Finally, a 17 tree Random forest model to move further.
forest.classifier = randomForest(Bankrupt ~ .,
data = smoted.train.set,
ntree=17,
importance=TRUE)
smoted.train.set$Bankrupt <- as.factor(as.character(smoted.train.set$Bankrupt))
test.set$Bankrupt <- as.factor(as.character(test.set$Bankrupt))
forest.y_pred = predict(forest.classifier, newdata = test.set)
forest.y_pred.train = predict(forest.classifier, newdata = smoted.train.set)
forest.y_prob = predict(forest.classifier, newdata = test.set, type='class')
forest.y_prob.train = predict(forest.classifier, newdata = smoted.train.set,
type='class')
forest.predict_log <- prediction(as.numeric(forest.y_pred),
as.numeric(test.set$Bankrupt))
forest.predict_log.train <- prediction(as.numeric(forest.y_pred.train),
as.numeric(smoted.train.set$Bankrupt))
forest.auc<- performance(forest.predict_log,"auc")
print((forest.auc@y.values[[1]]))
## [1] 0.720303
forest.auc.train<- performance(forest.predict_log.train,"auc")
print((forest.auc.train@y.values[[1]]))
## [1] 0.9996969
The AUC value for training set is 0.9996 which clearly suggests there is some issue.
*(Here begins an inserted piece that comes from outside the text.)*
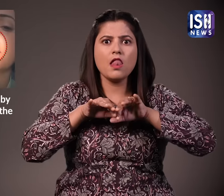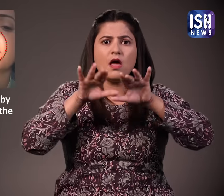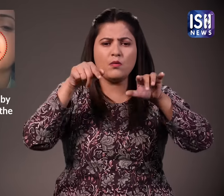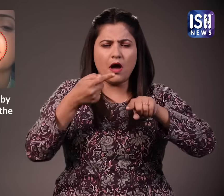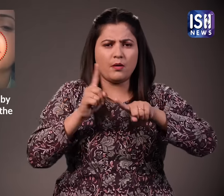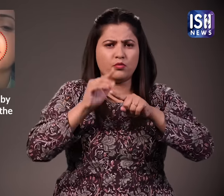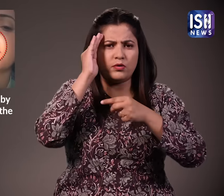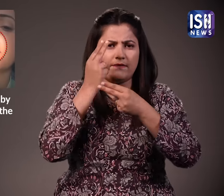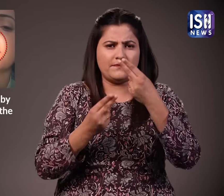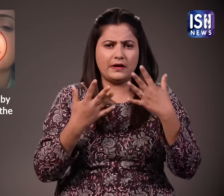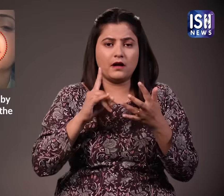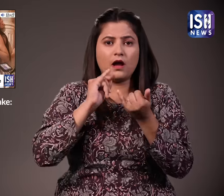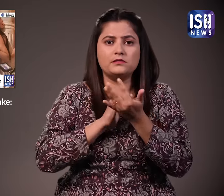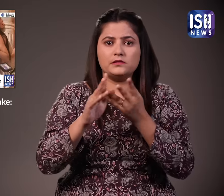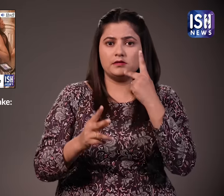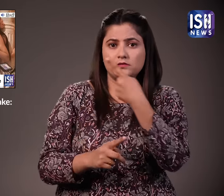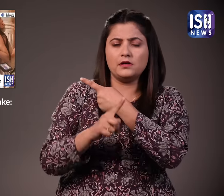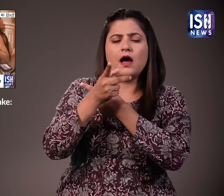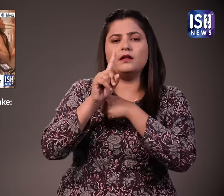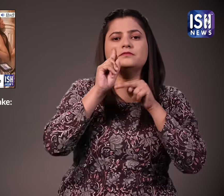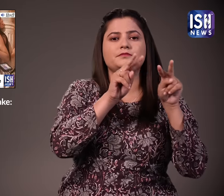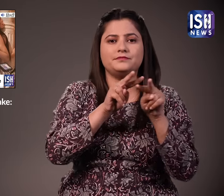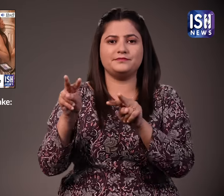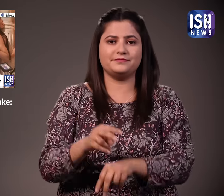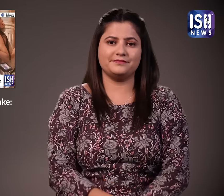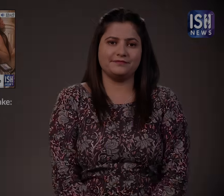आईसेच न्यूस ने इस बारे में एक वीडियो जारे किया था आप उसे यहाँ पर देख सकते

This needs to be addressed and we will discuss about the Cross validation technique used later on.
roc_curve<- performance(forest.predict_log,"tpr","fpr")
plot(roc_curve, colorize=T)
smoted.train.set$Bankrupt <- as.factor(smoted.train.set$Bankrupt)
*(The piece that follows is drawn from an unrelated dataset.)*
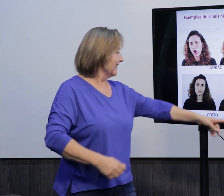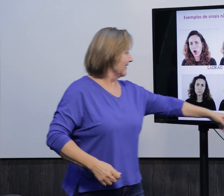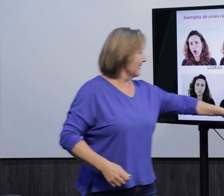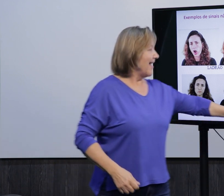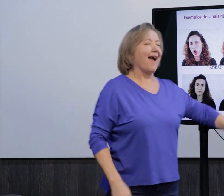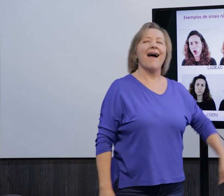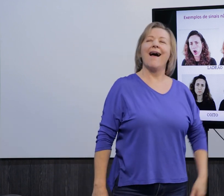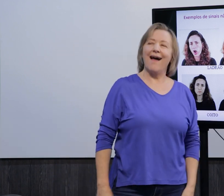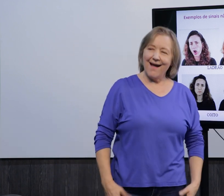Aham.
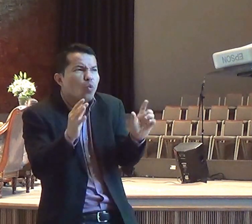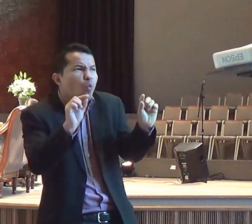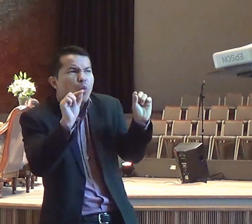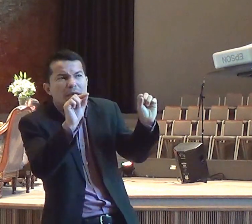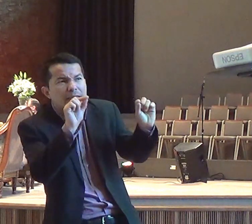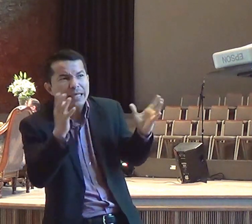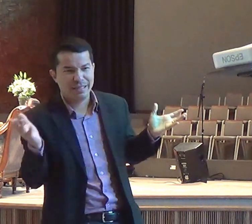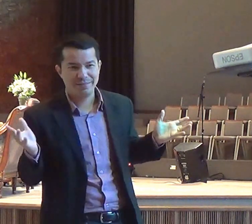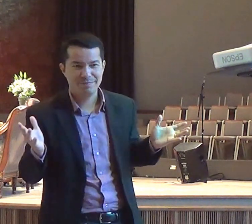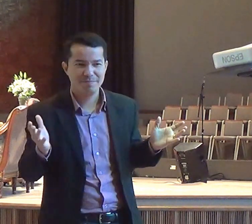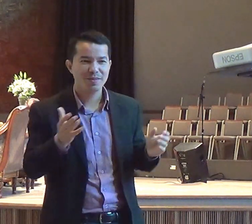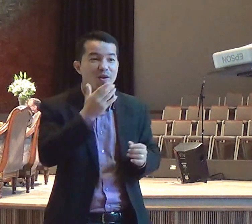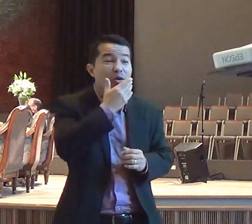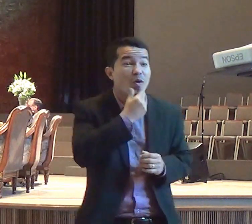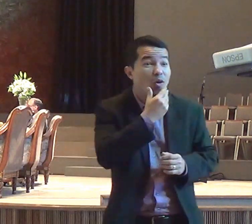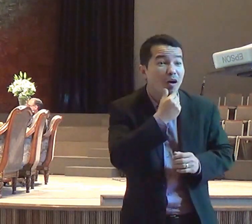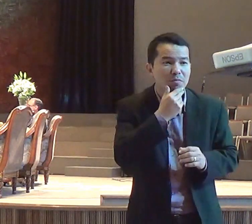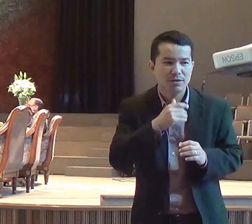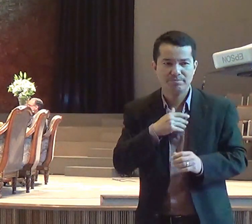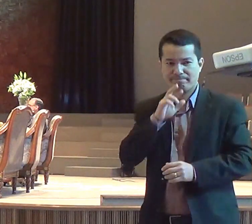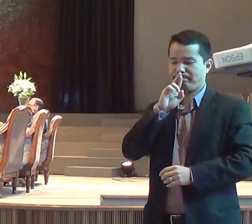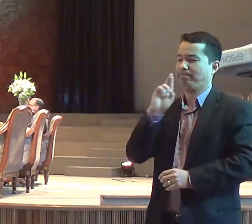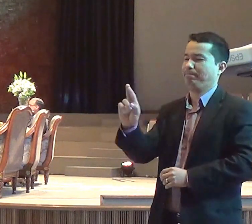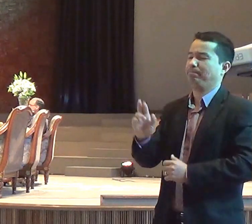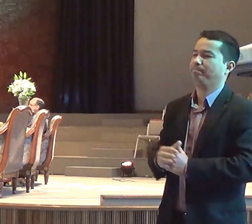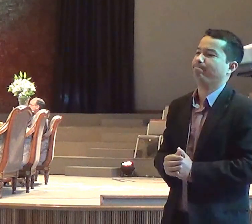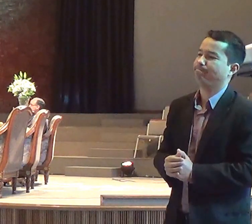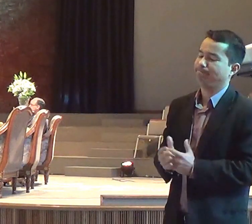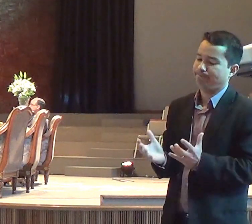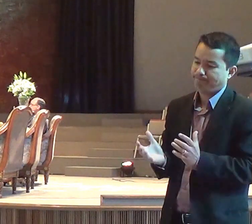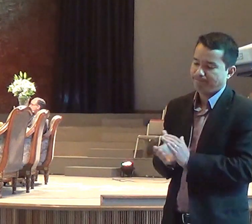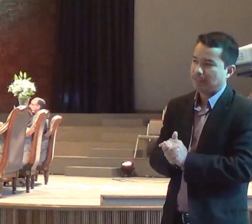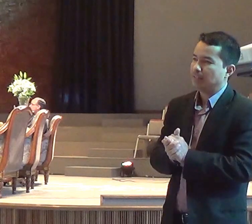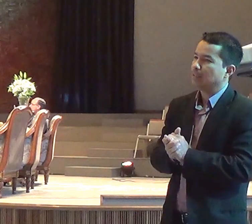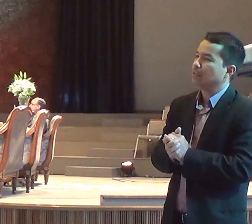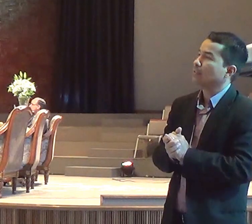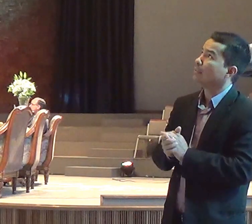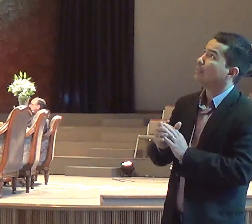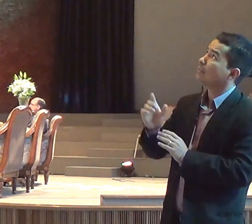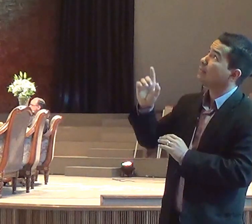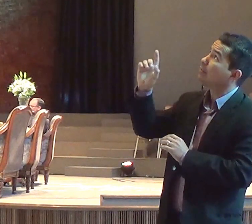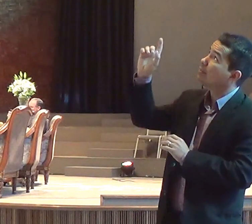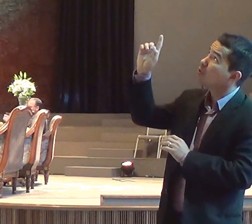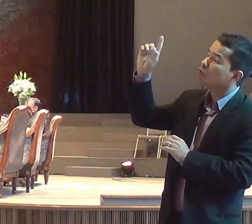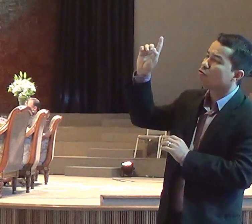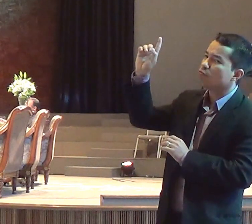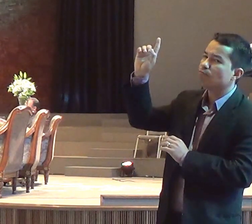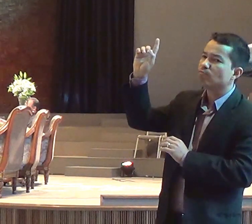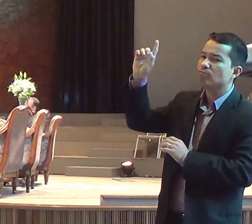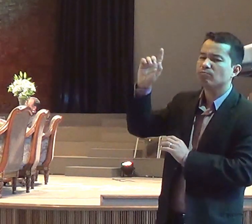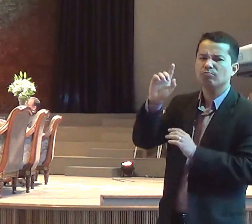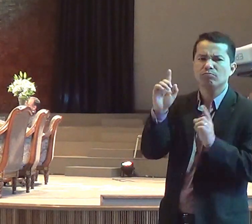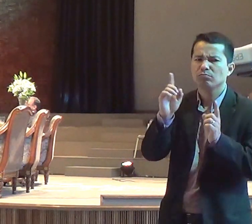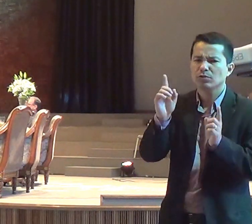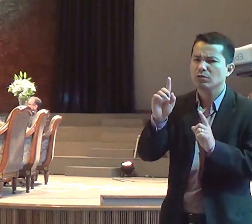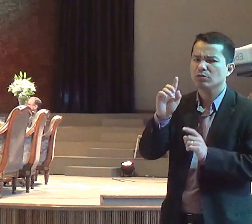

result <- rfcv(trainx = smoted.train.set[-1], trainy = smoted.train.set$Bankrupt)
with(result, plot(n.var, error.cv, log="x", type="o", lwd=2))
result <- replicate(5, rfcv(smoted.train.set[-1], as.factor(smoted.train.set$Bankrupt)), simplify=FALSE)
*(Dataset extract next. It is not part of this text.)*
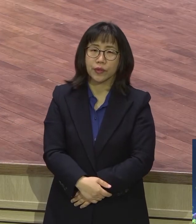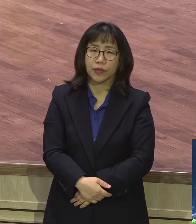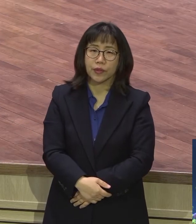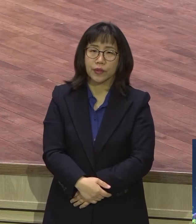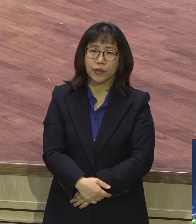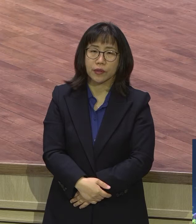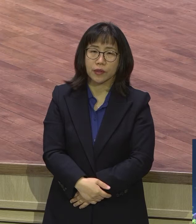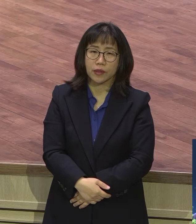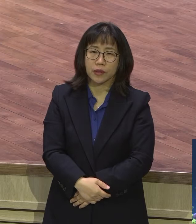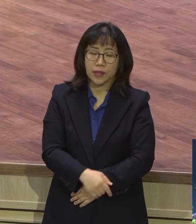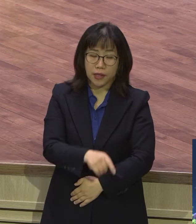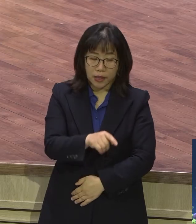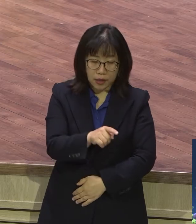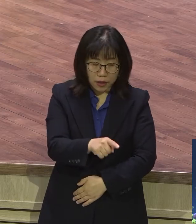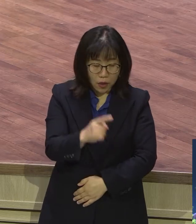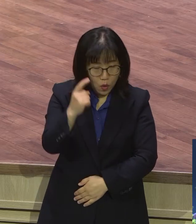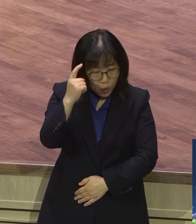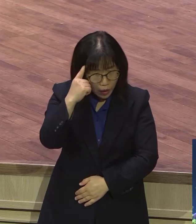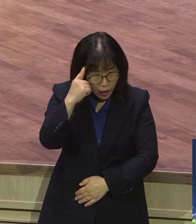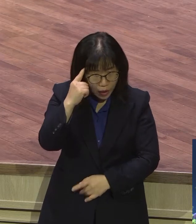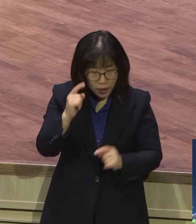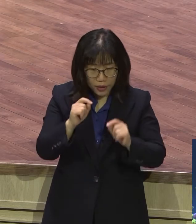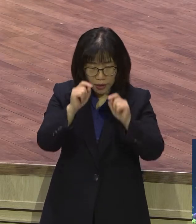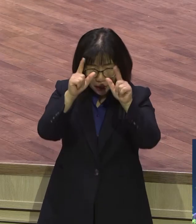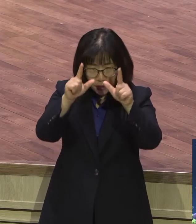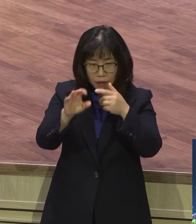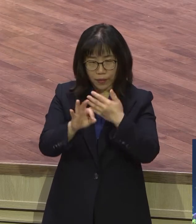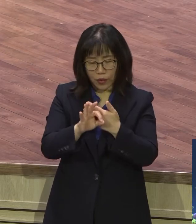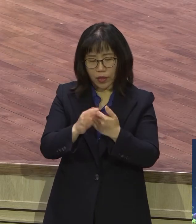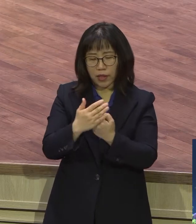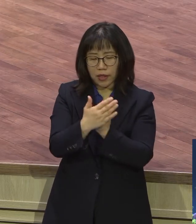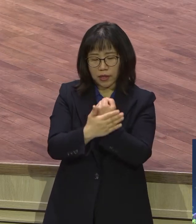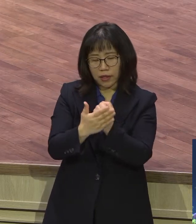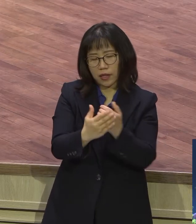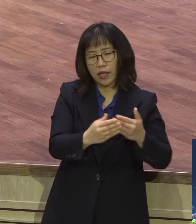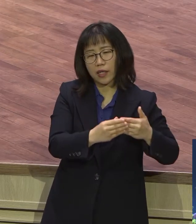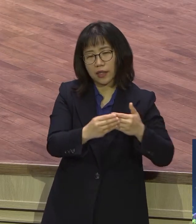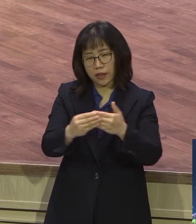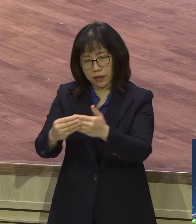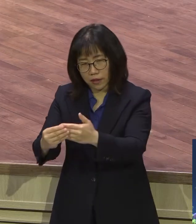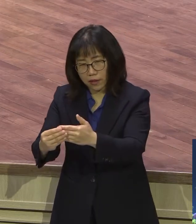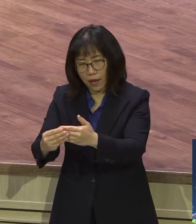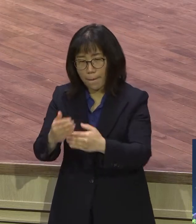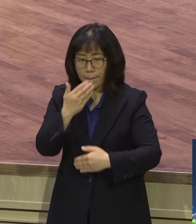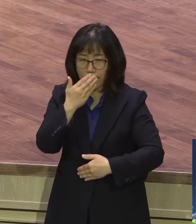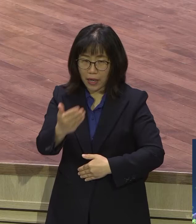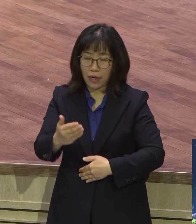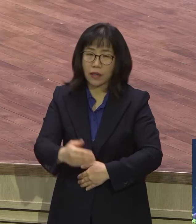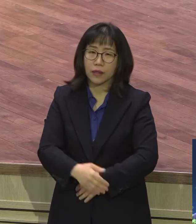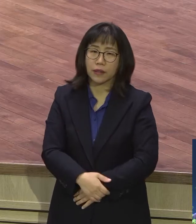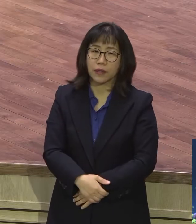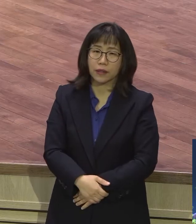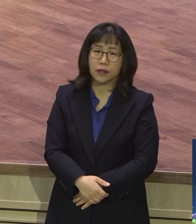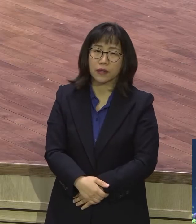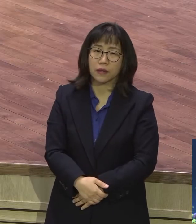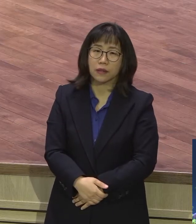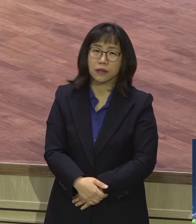은혜가 이끄는 삶을 살 수가 있어요. 그래서 이런 은혜를 받은 사람이

error.cv <- sapply(result, "[[", "error.cv")
print(result[[1]]$error.cv)
## 21 10 5 3 1
## 0.03232686 0.03749018 0.06128634 0.11381749 0.46941295
matplot(result[[1]]$n.var, cbind(rowMeans(error.cv), error.cv), type="l",
lwd=c(2, rep(1, ncol(error.cv))), col=1, lty=1,log="x",
xlab="Number of variables", ylab="CV Error")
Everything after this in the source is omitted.